“Can you tie your shoes?”  “Can you cut up your food?”  “Can you bathe yourself?”    Strange questions, even stranger when you consider that they were being asked to my wife.  Let me put this into some context, her questioner was an Occupational Therapist (OT) my wife saw as part of her recovery from a broken hand she suffered while playing ice hockey.  After 4 weeks of immobilization, all my wife wants to do is get her life back to normal.  Unfortunately, her OT isn’t taking her time to figure out what normal is.  She sees a 62-years of age woman (she’s not old so we don’t call ourselves xx years old) and she set her expectations to the minimum.  My wife’s expectations are MUCH higher.

Don’t Be Stuck In A Story

The problem is, the OT is stuck in a story, the story that for someone north of 60 years in life, we are happy with simply being able to tie our shoes, eat our meals, open the occasional jar.  These are some of the activities medical professionals refer to as Activities of Daily Living.  They include being able to lay down, get up, sit, stand, grooming, toileting, dressing, and feeding yourself with all the requisite skills to do these activities on your own. I don’t know about you, but if all I could do was wake up, get up, clean up, then make a meal and sit down I would hardly call that living.  Talk about low expectations, sheesh.
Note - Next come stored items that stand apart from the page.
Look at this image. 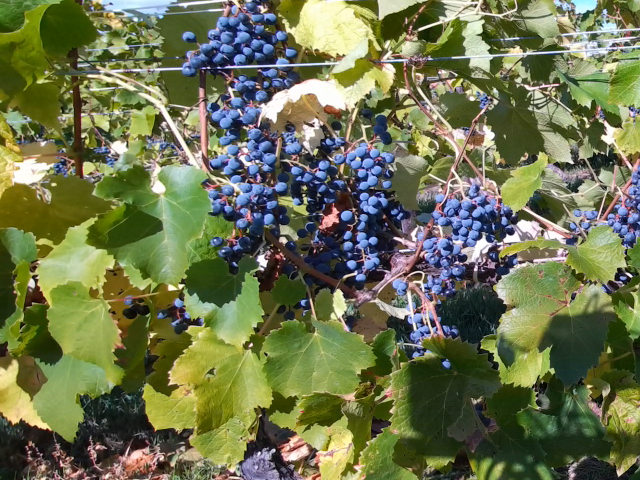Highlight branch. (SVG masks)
Instances as JSON below:
<instances>
[{"mask_svg":"<svg viewBox=\"0 0 640 480\" xmlns=\"http://www.w3.org/2000/svg\"><path fill=\"white\" fill-rule=\"evenodd\" d=\"M80 79H99V80H102V81L113 83L115 85H120L121 87H125L126 89L130 90L131 92H134V93L144 97L145 99H148L150 102L154 103L156 106L159 107L160 111L165 116V120H166L167 125L171 128L172 132L176 135V139L179 141V143L185 149V152H186L187 156L189 157L190 161L194 164L196 169L200 168V164L197 161V159L194 157L192 149L187 144L186 139L181 134V132L177 129V127L172 123L171 117H170V113L167 111V109L164 107V105L159 100H157L156 98L152 97L150 94H147L146 92H144V91H142V90H140V89H138L136 87H133L132 85L128 84L127 82H123L122 80H117L115 78L104 76L102 74H77V75H73L71 77V80L73 81V106H74L73 122H74V128H75V131L73 132V141H74V143H73V154L75 155V171H76V175H77V177L79 179H82L84 177L83 170H82L83 142L81 141V135H82V124H83V121H82V109H81V104H80L81 103Z\"/></svg>","mask_w":640,"mask_h":480,"instance_id":"30e6481e","label":"branch"},{"mask_svg":"<svg viewBox=\"0 0 640 480\" xmlns=\"http://www.w3.org/2000/svg\"><path fill=\"white\" fill-rule=\"evenodd\" d=\"M402 69H403V74H404V84H405L406 88L409 91L410 98L420 107V109L422 110L424 115L434 124V127L437 128L439 131H441V133L450 141V144L452 145V147L458 151L455 160L453 161V163L451 164V166L449 168V173H448L447 178L445 180V183H444V185L442 187V192L443 193L447 192V189L449 188L451 180H452V178L454 176V170L458 166V164H459V162H460L462 157H463V160H464L465 164L468 166V168L478 178V181L483 186L487 187L490 191H494L495 187L490 182L486 181L483 178V175L477 170L476 167H474L473 163L469 160V157L465 152V149L467 148V145H468L469 140L471 138V134H472L475 122L480 118L482 113L490 106V103L486 102L482 107H480L477 110L475 115L471 118V120L469 122V126H468V129H467V132H466V135L464 137V141H463L462 145L459 146L455 142V139L452 137V135L449 132L446 131V128L438 123V120L435 117H433L432 114L429 113V111L427 110L426 106L414 94L413 86L409 82V72H408V66H407L406 62L402 63Z\"/></svg>","mask_w":640,"mask_h":480,"instance_id":"325d2c04","label":"branch"},{"mask_svg":"<svg viewBox=\"0 0 640 480\" xmlns=\"http://www.w3.org/2000/svg\"><path fill=\"white\" fill-rule=\"evenodd\" d=\"M263 236L271 241L277 248L278 250L283 253L284 255H286V257L299 269H301L304 273H309L310 275L316 276L318 279H321L322 281H325L333 286H335L336 288H338L339 290H342L356 298H361V299H371L373 297V295L376 293V291L379 290V288L383 285H385L391 278H393L395 276L396 273L400 272V268H394L393 272L388 274L382 281H379L378 283L375 284V286L369 291V293L367 294L364 291H359L356 290L340 281H338L337 279L319 271L316 268H312L311 266H307L304 262L300 261L295 255H293V253L284 246V244L277 239L273 234L270 233V231L268 229H265L263 231Z\"/></svg>","mask_w":640,"mask_h":480,"instance_id":"170604dd","label":"branch"},{"mask_svg":"<svg viewBox=\"0 0 640 480\" xmlns=\"http://www.w3.org/2000/svg\"><path fill=\"white\" fill-rule=\"evenodd\" d=\"M198 90H199V113H200V122H201V138H200V146L202 150L201 156V169L204 172L209 170V135H208V120H207V102H206V88H207V78L206 72H199V82H198Z\"/></svg>","mask_w":640,"mask_h":480,"instance_id":"45aa463d","label":"branch"},{"mask_svg":"<svg viewBox=\"0 0 640 480\" xmlns=\"http://www.w3.org/2000/svg\"><path fill=\"white\" fill-rule=\"evenodd\" d=\"M433 223H434V219H433V218H430V219L428 220V222L426 223L425 228H424V232H423V236H422V237L420 238V240L418 241V243H417V247L415 248V250H414V251H413V253H412L411 260H410V262L408 263L407 268L405 269V272H406V273H407V272L409 271V269L413 266V264H414V262H415V260H416V256H417V255H418V253L421 251V249H422V246H423L424 242L428 239L429 231H430V228H431V226H432V224H433Z\"/></svg>","mask_w":640,"mask_h":480,"instance_id":"982ccf7c","label":"branch"},{"mask_svg":"<svg viewBox=\"0 0 640 480\" xmlns=\"http://www.w3.org/2000/svg\"><path fill=\"white\" fill-rule=\"evenodd\" d=\"M77 54H78V50L76 48H73L69 55L70 65H68L66 62L61 60L59 57H56L54 59V62L64 71L70 73L71 70L79 68V64L77 63Z\"/></svg>","mask_w":640,"mask_h":480,"instance_id":"1ff4a987","label":"branch"},{"mask_svg":"<svg viewBox=\"0 0 640 480\" xmlns=\"http://www.w3.org/2000/svg\"><path fill=\"white\" fill-rule=\"evenodd\" d=\"M430 5H431V1L427 0L426 3L421 7V9L415 15V17L411 20V22H410V24L408 25V28H407V37L408 38L412 37L413 27L416 25L417 21L421 18V16L424 14V12L428 9V7Z\"/></svg>","mask_w":640,"mask_h":480,"instance_id":"ea751061","label":"branch"},{"mask_svg":"<svg viewBox=\"0 0 640 480\" xmlns=\"http://www.w3.org/2000/svg\"><path fill=\"white\" fill-rule=\"evenodd\" d=\"M536 221H537V222H539V223H541V224H543V225H546L550 231H552V232H554V233L558 234L559 236H561V237H563V238H566V239H568V240H572V239H573V236H572V235H570L569 233H566V232H564V231H561V230H560V229H558L557 227H554V226L552 225V223H551L550 221H548V220H545V219H543V218H541V217H537V218H536Z\"/></svg>","mask_w":640,"mask_h":480,"instance_id":"ca6c30ca","label":"branch"},{"mask_svg":"<svg viewBox=\"0 0 640 480\" xmlns=\"http://www.w3.org/2000/svg\"><path fill=\"white\" fill-rule=\"evenodd\" d=\"M621 198V194L617 193L608 203L606 210L600 216L601 221H605L609 213L611 212L614 204Z\"/></svg>","mask_w":640,"mask_h":480,"instance_id":"1d269e1b","label":"branch"}]
</instances>
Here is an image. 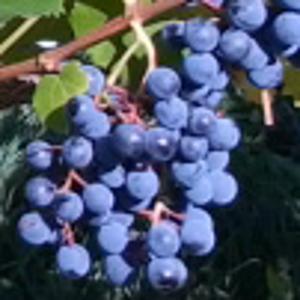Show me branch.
<instances>
[{
    "mask_svg": "<svg viewBox=\"0 0 300 300\" xmlns=\"http://www.w3.org/2000/svg\"><path fill=\"white\" fill-rule=\"evenodd\" d=\"M191 0H157L152 6L137 11L132 15L121 17L98 31L88 34L81 39L71 41L66 46L38 57L25 60L6 67H0V82H12L15 79L27 77L52 68L67 59L75 57L88 47L100 46L124 32L134 28L137 24L162 16L176 6H186Z\"/></svg>",
    "mask_w": 300,
    "mask_h": 300,
    "instance_id": "30e6481e",
    "label": "branch"
}]
</instances>

Of course, my wife feels the same.  For her living includes all of the above and gardening, hiking, birding, taking pictures of wildlife, playing hockey, riding her motorcycle, driving her truck, doing various projects around the house (she’s constantly organizing), etc.  This is only the tip of the iceberg.  She has less time to do things since she retired then she did when she worked full time.  In spite of my wife correcting the OT on what her goals were, the OT didn’t change her expectations.  As a result, my wife is looking for a different OT.

Setting Expectations

I see the same thing happen in business time and time again.  Owners and managers with expectations for team members that aren’t challenging or don’t even meet the team member’s own expectations.  While these two scenarios may seem unrelated, they actually derive from the same circumstances. In both cases, the expectations stem from being stuck in a story.  I have no doubt that the Occupational Therapist has treated countless “well-seasoned” patients.  Undoubtedly her experience and her training has taught her that these patients are not as active.  I wouldn’t be surprised if many of these patients have similar expectations for themselves.  The trouble is, not everyone acts the same.  I’ve played hockey with 80 year olds (and they kick my butt!).

Similarly, business leaders tend to lump people together. We’ve all heard it and some of us have said it. Gen Y-ers don’t want to work hard, Millennials are lazy, Gen X-ers are selfish, Baby Boomers are workaholics.  These are all stories we tell ourselves and while the stories may be based on our observations, they don’t serve us well. At best, assuming our observations are accurate, these stories are nothing more than the mean, the average of everyone in the group. At worst, these beliefs are fiction that we have reinforced through conformation bias, the tendency to ignore information that is contrary to an established belief.  When we hold individuals to the standards we’ve developed for the group, we fail them as leaders.

Elevate Your Team

Our sole job as a leader is to elevate people to be the best they can be.  We need to see their full potential and then help them to reach it, even if they don’t see it in themselves.  When we buy into “the story” we put on blinders, we limit our beliefs and expectations and we condemn people to mediocrity.  We hold them to the standard of being “average” instead of elevating them to excellence.

Instead, ask your people what they want of themselves?  Contrast that with what you want of them.  Whose expectations are higher?  If their personal expectations are higher, recalibrate your own.  If yours is higher, tell them what you see as the possibilities, what you expect, what you see in them.  Then ask them if they want it?  If they don’t, it’s time to evaluate if they are a good fit for the organization.  If they do, or their expectations were already higher than yours, come up with a plan to support them in achieving their goals. Provide them the training, mentoring, and resources they need, then watch them thrive.